(Records from a data source)
______________________________

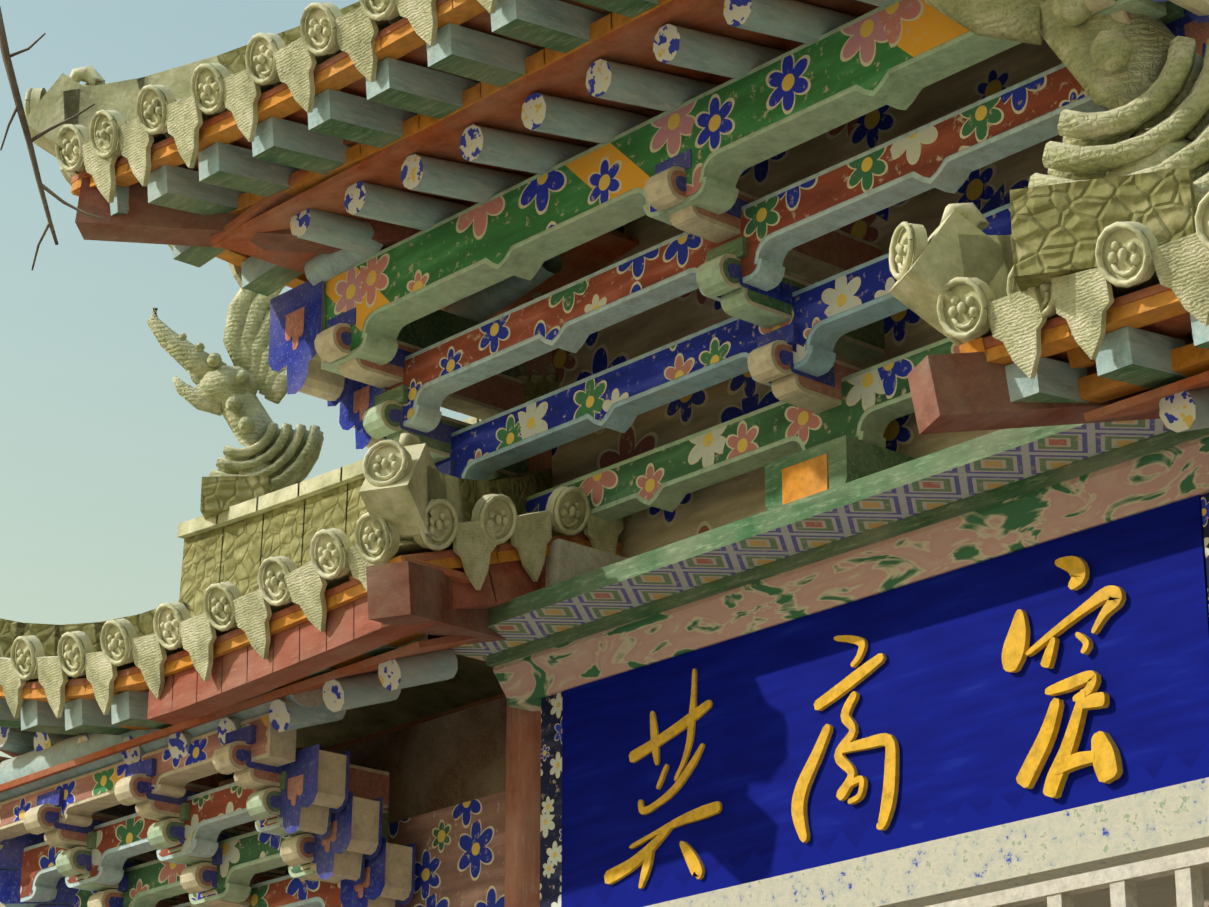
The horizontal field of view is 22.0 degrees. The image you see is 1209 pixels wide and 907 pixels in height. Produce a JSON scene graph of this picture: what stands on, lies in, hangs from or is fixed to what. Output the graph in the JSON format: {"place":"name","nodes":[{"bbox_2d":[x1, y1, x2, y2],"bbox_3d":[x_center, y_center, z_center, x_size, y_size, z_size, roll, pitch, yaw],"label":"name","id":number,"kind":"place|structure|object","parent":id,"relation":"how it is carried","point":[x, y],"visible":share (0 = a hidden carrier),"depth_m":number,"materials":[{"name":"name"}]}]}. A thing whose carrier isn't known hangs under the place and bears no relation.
{"place":"outdoors","nodes":[
{"label":"outdoors","id":0,"kind":"place"},
{"bbox_2d":[0,7,105,269],"bbox_3d":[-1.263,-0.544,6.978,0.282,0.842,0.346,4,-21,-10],"label":"twig tree","id":1,"kind":"object","parent":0,"point":[11,76],"visible":1,"depth_m":6.94,"materials":[{"name":"brown plant"}]},
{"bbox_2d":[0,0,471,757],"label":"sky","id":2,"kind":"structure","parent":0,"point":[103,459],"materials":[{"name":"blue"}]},
{"label":"ground","id":3,"kind":"structure","parent":0,"visible":0},
{"bbox_2d":[176,38,1208,906],"bbox_3d":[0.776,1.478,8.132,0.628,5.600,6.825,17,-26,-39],"label":"facade","id":4,"kind":"structure","parent":3,"relation":"on","point":[474,810],"depth_m":8.77,"materials":[{"name":"multicoloured paint"}]},
{"bbox_2d":[0,689,415,906],"bbox_3d":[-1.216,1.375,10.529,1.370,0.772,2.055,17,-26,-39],"label":"brackets","id":5,"kind":"object","parent":4,"relation":"attached to","point":[152,827],"visible":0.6,"depth_m":10.03,"materials":[{"name":"multicoloured paint"}]},
{"bbox_2d":[0,285,632,792],"bbox_3d":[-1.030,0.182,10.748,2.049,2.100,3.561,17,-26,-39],"label":"side roof","id":6,"kind":"structure","parent":5,"relation":"on","point":[346,589],"depth_m":9.56,"materials":[{"name":"tile"}]},
{"bbox_2d":[24,0,893,322],"bbox_3d":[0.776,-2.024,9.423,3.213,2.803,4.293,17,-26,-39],"label":"roof","id":7,"kind":"structure","parent":4,"relation":"on","point":[324,142],"depth_m":8.82,"materials":[{"name":"beige ceramic"}]},
{"bbox_2d":[268,0,1208,520],"bbox_3d":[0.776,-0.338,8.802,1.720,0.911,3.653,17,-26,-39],"label":"brackets","id":8,"kind":"object","parent":4,"relation":"attached to","point":[380,346],"visible":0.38,"depth_m":8.65,"materials":[{"name":"multicoloured wood"}]},
{"bbox_2d":[428,376,1190,661],"bbox_3d":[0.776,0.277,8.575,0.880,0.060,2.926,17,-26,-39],"label":"beam","id":9,"kind":"structure","parent":4,"relation":"on","point":[978,465],"depth_m":8.28,"materials":[{"name":"green paint"}]},
{"bbox_2d":[561,495,1208,906],"bbox_3d":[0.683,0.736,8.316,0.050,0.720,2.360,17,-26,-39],"label":"plaque","id":10,"kind":"object","parent":4,"relation":"attached to","point":[953,705],"visible":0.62,"depth_m":8.18,"materials":[{"name":"blue paint"}]},
{"bbox_2d":[604,556,1126,888],"bbox_3d":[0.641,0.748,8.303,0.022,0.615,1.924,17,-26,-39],"label":"chinese characters","id":11,"kind":"object","parent":10,"relation":"attached to","point":[1103,756],"visible":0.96,"depth_m":8.13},
{"bbox_2d":[889,0,1208,434],"bbox_3d":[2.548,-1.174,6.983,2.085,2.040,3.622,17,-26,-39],"label":"side roof","id":12,"kind":"structure","parent":4,"relation":"attached to","point":[1080,295],"depth_m":7.20,"materials":[{"name":"tile"}]},
{"bbox_2d":[925,847,1208,906],"bbox_3d":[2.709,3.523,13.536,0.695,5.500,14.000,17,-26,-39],"label":"railing","id":13,"kind":"object","parent":3,"relation":"on","point":[1178,880],"visible":0.04,"depth_m":14.19,"materials":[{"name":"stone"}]}
]}

______________________________

**TASK INSTRUCTIONS:** Retype all entries exactly as they appear, dropping the images.

**EXPECTED ANSWER:**
The horizontal field of view is 22.0 degrees. The image you see is 1209 pixels wide and 907 pixels in height. Produce a JSON scene graph of this picture: what stands on, lies in, hangs from or is fixed to what. Output the graph in the JSON format: {"place":"name","nodes":[{"bbox_2d":[x1, y1, x2, y2],"bbox_3d":[x_center, y_center, z_center, x_size, y_size, z_size, roll, pitch, yaw],"label":"name","id":number,"kind":"place|structure|object","parent":id,"relation":"how it is carried","point":[x, y],"visible":share (0 = a hidden carrier),"depth_m":number,"materials":[{"name":"name"}]}]}. A thing whose carrier isn't known hangs under the place and bears no relation.
{"place":"outdoors","nodes":[
{"label":"outdoors","id":0,"kind":"place"},
{"bbox_2d":[0,7,105,269],"bbox_3d":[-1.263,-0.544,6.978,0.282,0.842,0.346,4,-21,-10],"label":"twig tree","id":1,"kind":"object","parent":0,"point":[11,76],"visible":1,"depth_m":6.94,"materials":[{"name":"brown plant"}]},
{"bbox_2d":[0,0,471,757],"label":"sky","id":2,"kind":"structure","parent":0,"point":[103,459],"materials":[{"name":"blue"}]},
{"label":"ground","id":3,"kind":"structure","parent":0,"visible":0},
{"bbox_2d":[176,38,1208,906],"bbox_3d":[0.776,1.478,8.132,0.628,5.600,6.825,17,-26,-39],"label":"facade","id":4,"kind":"structure","parent":3,"relation":"on","point":[474,810],"depth_m":8.77,"materials":[{"name":"multicoloured paint"}]},
{"bbox_2d":[0,689,415,906],"bbox_3d":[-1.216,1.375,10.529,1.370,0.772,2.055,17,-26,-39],"label":"brackets","id":5,"kind":"object","parent":4,"relation":"attached to","point":[152,827],"visible":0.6,"depth_m":10.03,"materials":[{"name":"multicoloured paint"}]},
{"bbox_2d":[0,285,632,792],"bbox_3d":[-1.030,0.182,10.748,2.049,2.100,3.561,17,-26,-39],"label":"side roof","id":6,"kind":"structure","parent":5,"relation":"on","point":[346,589],"depth_m":9.56,"materials":[{"name":"tile"}]},
{"bbox_2d":[24,0,893,322],"bbox_3d":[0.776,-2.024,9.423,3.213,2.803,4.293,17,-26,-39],"label":"roof","id":7,"kind":"structure","parent":4,"relation":"on","point":[324,142],"depth_m":8.82,"materials":[{"name":"beige ceramic"}]},
{"bbox_2d":[268,0,1208,520],"bbox_3d":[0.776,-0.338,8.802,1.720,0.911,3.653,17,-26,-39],"label":"brackets","id":8,"kind":"object","parent":4,"relation":"attached to","point":[380,346],"visible":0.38,"depth_m":8.65,"materials":[{"name":"multicoloured wood"}]},
{"bbox_2d":[428,376,1190,661],"bbox_3d":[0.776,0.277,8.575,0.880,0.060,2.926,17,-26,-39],"label":"beam","id":9,"kind":"structure","parent":4,"relation":"on","point":[978,465],"depth_m":8.28,"materials":[{"name":"green paint"}]},
{"bbox_2d":[561,495,1208,906],"bbox_3d":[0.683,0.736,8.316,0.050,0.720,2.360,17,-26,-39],"label":"plaque","id":10,"kind":"object","parent":4,"relation":"attached to","point":[953,705],"visible":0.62,"depth_m":8.18,"materials":[{"name":"blue paint"}]},
{"bbox_2d":[604,556,1126,888],"bbox_3d":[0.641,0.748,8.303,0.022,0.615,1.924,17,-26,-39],"label":"chinese characters","id":11,"kind":"object","parent":10,"relation":"attached to","point":[1103,756],"visible":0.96,"depth_m":8.13},
{"bbox_2d":[889,0,1208,434],"bbox_3d":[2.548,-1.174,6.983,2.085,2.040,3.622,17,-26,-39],"label":"side roof","id":12,"kind":"structure","parent":4,"relation":"attached to","point":[1080,295],"depth_m":7.20,"materials":[{"name":"tile"}]},
{"bbox_2d":[925,847,1208,906],"bbox_3d":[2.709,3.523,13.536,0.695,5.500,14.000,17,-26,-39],"label":"railing","id":13,"kind":"object","parent":3,"relation":"on","point":[1178,880],"visible":0.04,"depth_m":14.19,"materials":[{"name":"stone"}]}
]}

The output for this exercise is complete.